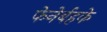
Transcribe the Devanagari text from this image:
फेनेर्बहके
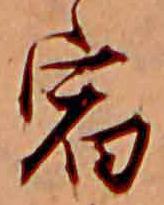
宿
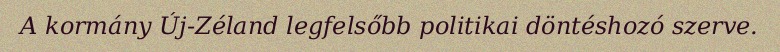
A kormány Új-Zéland legfelsőbb politikai döntéshozó szerve.
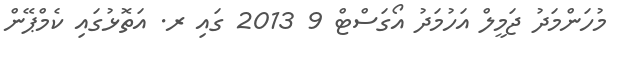
މުހަންމަދު ޖަމީލް އަހުމަދު އޯގަސްޓް 9 2013 ގައި ރ. އަތޮޅުގައި ކެމްޕޭން
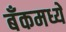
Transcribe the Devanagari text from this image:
बँकमध्ये
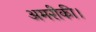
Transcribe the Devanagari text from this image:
अमरीकी।
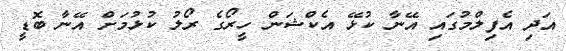
އަދި އެފިލްމުގައި އޭނާ ކުޅޭ އެކްޝަން ހީރޯގެ ރޯލު ކުޅުމަށް އޭނާ ބޮޑީ
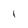
Character: 1
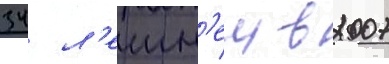
34 л'етн'еи в 2007
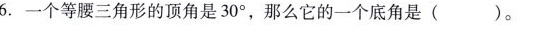
6.一个等腰三角形的顶角是30°，那么它的一个底角是 ( )。
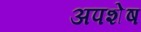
⁂
> [Your goal] Type the material out again exactly. Skip the pictures.

> [Your response]
Transcribe the Devanagari text from this image:
फेनेर्बहके
宿
A kormány Új-Zéland legfelsőbb politikai döntéshozó szerve.
މުހަންމަދު ޖަމީލް އަހުމަދު އޯގަސްޓް 9 2013 ގައި ރ. އަތޮޅުގައި ކެމްޕޭން
Transcribe the Devanagari text from this image:
बँकमध्ये
Transcribe the Devanagari text from this image:
अमरीकी।
އަދި އެފިލްމުގައި އޭނާ ކުޅޭ އެކްޝަން ހީރޯގެ ރޯލު ކުޅުމަށް އޭނާ ބޮޑީ
Character: 1
34 л'етн'еи в 2007
6.一个等腰三角形的顶角是30°，那么它的一个底角是 ( )。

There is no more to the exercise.